When not ridding his nation of the gay plague, Jammeh spends much of his time pushing back the frontiers of medicine. In 2007, he announced he could cure AIDS with herbs, and set about treating the delighted citizenry with his infusions. AIDS successfully cured, by August of that year, he was ready to roll out a single-dose herbal infusion that would cure high blood pressure.
Presumably impressed by his forthright stance on imaginary magical herb-healing, the governor of the US state of Kentucky made Jammeh an honorary Kentucky Colonel in 2008.
Women's rights, vaccination campaigns, the tithing of civil servants to fund social development projects, the planting of 10 million trees to halt the advance of the Sahara desert: Thomas Sankara was a man who believed in the very best in humanity. The so-called "world's poorest president" despised luxury, getting by on a $450 a month salary, selling-off the government's fleet of Mercedes and forbidding air-conditioning in his office because it would have been a luxury denied to most of his Burkina Faso subjects. Naturally, he didn't last long...

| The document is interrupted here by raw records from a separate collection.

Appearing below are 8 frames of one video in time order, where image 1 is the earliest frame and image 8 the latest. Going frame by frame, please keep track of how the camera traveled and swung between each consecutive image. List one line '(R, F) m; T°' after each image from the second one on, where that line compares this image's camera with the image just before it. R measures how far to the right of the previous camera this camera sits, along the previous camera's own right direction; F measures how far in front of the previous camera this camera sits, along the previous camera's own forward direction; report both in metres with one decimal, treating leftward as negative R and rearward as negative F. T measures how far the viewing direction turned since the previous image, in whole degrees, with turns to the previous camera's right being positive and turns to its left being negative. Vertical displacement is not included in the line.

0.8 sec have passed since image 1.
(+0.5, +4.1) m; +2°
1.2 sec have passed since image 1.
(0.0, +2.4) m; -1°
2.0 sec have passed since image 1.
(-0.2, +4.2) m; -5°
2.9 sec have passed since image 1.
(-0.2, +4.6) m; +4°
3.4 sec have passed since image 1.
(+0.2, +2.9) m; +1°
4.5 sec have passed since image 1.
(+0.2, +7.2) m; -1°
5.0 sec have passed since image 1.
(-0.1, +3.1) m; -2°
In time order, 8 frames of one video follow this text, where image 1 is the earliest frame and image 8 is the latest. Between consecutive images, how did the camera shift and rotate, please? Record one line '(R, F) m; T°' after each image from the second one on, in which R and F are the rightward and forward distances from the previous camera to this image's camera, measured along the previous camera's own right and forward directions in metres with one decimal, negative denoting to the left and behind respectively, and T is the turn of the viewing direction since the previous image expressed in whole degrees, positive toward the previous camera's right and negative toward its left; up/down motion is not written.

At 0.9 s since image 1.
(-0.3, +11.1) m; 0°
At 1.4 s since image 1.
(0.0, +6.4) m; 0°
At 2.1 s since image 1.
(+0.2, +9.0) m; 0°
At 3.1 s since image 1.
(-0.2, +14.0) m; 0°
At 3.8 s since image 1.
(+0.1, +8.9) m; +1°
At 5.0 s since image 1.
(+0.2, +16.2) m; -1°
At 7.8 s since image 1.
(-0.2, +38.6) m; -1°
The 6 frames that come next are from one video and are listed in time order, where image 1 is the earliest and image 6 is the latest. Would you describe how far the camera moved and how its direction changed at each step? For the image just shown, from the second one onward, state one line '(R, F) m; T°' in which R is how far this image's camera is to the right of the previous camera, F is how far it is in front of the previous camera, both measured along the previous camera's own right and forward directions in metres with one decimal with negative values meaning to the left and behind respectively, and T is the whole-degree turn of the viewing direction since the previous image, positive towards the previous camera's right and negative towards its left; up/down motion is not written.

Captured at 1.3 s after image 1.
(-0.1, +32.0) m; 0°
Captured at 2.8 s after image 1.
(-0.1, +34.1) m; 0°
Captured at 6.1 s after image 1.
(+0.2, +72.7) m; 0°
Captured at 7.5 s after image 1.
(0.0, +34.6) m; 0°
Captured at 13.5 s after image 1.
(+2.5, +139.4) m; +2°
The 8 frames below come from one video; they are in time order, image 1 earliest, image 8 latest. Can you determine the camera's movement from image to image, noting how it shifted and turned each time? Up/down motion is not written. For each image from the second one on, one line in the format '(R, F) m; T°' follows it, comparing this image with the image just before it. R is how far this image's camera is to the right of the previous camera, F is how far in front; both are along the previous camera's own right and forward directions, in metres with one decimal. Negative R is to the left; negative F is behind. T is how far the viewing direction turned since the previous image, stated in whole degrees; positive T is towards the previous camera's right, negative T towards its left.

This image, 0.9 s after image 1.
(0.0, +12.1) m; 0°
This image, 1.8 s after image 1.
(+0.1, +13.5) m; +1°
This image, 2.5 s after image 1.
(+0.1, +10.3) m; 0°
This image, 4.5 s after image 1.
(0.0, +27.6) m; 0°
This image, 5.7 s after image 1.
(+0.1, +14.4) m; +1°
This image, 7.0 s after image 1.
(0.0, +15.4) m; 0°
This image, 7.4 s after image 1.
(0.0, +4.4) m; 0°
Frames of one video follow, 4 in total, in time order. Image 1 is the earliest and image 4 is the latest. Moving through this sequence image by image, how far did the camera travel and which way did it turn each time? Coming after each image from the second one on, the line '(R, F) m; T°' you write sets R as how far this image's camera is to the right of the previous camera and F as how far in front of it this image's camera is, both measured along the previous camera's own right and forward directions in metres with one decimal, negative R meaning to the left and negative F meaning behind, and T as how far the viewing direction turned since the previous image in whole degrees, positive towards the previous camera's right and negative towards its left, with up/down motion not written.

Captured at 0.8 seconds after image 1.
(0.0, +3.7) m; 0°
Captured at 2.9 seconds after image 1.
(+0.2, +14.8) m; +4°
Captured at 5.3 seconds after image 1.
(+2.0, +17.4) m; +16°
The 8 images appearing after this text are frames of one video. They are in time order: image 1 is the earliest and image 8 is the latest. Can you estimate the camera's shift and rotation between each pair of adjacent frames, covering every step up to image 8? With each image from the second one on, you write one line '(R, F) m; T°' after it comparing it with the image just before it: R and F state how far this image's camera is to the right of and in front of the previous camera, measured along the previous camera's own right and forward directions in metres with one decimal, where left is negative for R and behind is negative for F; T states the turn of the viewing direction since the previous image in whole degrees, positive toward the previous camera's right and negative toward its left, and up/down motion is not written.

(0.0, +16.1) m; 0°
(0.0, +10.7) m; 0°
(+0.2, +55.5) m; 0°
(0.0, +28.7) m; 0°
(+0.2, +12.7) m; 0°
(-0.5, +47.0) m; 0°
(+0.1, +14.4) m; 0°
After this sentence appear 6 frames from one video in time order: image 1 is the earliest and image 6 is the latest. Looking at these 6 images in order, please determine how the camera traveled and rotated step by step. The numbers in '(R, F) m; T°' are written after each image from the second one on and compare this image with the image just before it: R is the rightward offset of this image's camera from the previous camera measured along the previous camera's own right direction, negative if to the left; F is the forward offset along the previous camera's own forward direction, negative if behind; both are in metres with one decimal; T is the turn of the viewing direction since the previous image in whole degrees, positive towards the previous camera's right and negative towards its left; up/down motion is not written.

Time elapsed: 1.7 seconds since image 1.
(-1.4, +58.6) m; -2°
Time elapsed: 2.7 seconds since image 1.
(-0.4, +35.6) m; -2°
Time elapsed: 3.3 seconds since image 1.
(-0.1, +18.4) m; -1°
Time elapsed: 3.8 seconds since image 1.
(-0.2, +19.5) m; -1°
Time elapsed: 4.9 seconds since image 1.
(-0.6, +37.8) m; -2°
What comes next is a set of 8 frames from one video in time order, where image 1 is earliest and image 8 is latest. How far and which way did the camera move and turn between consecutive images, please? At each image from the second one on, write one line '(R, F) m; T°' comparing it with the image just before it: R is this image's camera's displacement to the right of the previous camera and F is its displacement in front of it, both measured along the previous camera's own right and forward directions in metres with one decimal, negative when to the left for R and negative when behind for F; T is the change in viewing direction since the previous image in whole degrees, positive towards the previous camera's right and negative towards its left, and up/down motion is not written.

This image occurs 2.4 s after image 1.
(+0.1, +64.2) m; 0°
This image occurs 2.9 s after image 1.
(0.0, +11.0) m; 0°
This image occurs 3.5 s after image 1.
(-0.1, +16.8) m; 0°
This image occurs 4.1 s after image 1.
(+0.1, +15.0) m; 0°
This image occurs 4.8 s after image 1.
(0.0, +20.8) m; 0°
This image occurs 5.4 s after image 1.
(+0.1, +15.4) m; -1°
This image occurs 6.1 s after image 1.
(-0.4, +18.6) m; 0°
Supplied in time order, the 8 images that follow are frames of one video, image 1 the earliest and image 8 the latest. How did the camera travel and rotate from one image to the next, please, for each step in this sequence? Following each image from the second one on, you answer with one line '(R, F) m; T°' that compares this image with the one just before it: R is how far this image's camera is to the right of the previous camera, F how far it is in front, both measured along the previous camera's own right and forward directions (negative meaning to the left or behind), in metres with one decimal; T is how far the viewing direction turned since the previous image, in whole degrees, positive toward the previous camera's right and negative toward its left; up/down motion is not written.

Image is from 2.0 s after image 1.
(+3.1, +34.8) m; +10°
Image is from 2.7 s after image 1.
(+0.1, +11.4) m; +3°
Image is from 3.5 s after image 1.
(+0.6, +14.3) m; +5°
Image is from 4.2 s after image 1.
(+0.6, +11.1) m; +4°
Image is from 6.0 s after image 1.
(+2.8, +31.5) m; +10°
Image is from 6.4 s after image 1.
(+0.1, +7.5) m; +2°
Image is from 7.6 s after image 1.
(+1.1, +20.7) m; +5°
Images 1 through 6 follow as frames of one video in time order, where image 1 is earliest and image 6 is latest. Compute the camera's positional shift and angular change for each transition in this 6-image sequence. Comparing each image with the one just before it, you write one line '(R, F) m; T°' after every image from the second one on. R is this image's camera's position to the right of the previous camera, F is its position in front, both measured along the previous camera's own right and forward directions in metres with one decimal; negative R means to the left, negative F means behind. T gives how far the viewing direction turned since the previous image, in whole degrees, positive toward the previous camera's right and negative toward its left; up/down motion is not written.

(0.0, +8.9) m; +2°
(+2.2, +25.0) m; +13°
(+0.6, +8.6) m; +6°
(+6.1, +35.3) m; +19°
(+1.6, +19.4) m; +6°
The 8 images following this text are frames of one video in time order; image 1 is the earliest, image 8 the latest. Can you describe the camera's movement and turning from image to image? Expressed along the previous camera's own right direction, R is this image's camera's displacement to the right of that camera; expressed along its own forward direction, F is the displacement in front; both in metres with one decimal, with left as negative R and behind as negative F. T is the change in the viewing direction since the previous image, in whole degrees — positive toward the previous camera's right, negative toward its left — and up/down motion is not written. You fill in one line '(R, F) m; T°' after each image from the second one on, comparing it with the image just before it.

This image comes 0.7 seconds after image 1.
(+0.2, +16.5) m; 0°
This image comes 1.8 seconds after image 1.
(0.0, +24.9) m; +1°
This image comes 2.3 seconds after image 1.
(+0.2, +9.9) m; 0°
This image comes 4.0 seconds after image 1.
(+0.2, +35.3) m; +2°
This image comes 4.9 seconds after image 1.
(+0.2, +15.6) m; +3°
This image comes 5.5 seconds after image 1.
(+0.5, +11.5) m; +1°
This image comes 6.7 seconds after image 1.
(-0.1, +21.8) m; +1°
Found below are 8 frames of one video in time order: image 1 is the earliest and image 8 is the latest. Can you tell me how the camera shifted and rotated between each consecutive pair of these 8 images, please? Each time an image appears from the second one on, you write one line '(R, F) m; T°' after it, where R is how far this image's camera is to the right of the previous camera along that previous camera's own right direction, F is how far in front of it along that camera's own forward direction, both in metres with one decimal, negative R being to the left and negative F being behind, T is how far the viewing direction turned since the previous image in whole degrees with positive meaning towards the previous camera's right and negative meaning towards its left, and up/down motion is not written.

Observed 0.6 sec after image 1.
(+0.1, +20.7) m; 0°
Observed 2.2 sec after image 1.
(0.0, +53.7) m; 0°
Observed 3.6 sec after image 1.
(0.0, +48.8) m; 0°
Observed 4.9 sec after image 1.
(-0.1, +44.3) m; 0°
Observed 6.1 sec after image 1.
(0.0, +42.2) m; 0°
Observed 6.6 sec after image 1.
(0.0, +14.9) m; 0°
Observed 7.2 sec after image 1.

After four short years, Sankara was gunned down by henchmen of his one-time friend, Blaise Compaoré, and dumped in a makeshift grave. Thousands of ordinary citizens spent days filing past the tiny earth-mound in tribute. Compaoré once described this murder as an accident. It was no accident that he soon repealed most of Sankara's reforms, creamed off millions into his personal pot, and changed the constitution to give himself unlimited presidential terms. He's still there now. As a dictator, he's a mediocrity, very much lacking the sadistic panache of many of his more inventive neighbors. But he's surely entitled to a million points for murdering Africa's greatest hope since Nelson Mandela. Right?
KING MSWATI III
"A strong, traditional public school in a delightful setting," says the Good Schools Guide about Sherborne College. "It provides an invigorating, intellectually sound, and multi-faceted environment." Perhaps on some roll of honor above some far-flung gymnasium is etched the name of King Mswati III, past-pupil. Like all the best dictators, he's British-educated. Though it would seem biology was optional at Sherborne, because in 2000 the young King announced in a parliamentary debate that those with AIDS (about a third of Swaziland's population) should be "sterilized and branded." Not long after, he invoked an ancient rite, banning sex for women under-50 in the kingdom for a period of five years. Actually, "parliamentary debate" might be pushing it a bit, for Mswati is of course an absolute monarch. But there remains a sort of public assembly of chieftans which still has debates.
Certainly, where the King's own rights are concerned, "absolute" is the name of the game. In 2002, he drew mild criticism for kidnapping his bride-to-be. Zena Mahlangu, a high school student, was bundled off on her way home from school, taken to the royal kraal, and summarily told that she was to become the tenth wife of Mswati, even as her mother was searching the streets in vain for her vanished daughter. He has added another four wives since then (a further three left him by fleeing to South Africa). Most are wedded between the ages of 12 and 16, but Mswati still has a way to go to catch his father: the late Sobhuza II, who was up to 70 by the time he died, and is estimated to have spawned over 1000 grandchildren.
Still, at least the guy can take a bit of criticism. When he bought a half-million dollar Maybach in a country where 70% of the population live on under a dollar a day, the subsequent international press attention lead him to do the decent thing: ban all photographs of his motorcade.